## The task
Lines with "text": state how many there are in the records below, and nothing else.

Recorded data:
---

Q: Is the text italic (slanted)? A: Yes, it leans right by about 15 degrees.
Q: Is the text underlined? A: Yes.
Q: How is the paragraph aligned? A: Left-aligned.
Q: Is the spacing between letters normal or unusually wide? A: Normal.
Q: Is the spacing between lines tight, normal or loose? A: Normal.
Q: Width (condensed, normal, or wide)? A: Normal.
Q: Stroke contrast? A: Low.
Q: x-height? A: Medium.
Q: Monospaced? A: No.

---

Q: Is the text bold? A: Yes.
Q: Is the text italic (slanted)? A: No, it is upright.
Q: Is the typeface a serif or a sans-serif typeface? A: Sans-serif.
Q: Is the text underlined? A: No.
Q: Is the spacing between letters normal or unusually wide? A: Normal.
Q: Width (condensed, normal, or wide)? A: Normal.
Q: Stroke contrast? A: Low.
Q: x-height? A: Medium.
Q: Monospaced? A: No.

---

## Answer box
5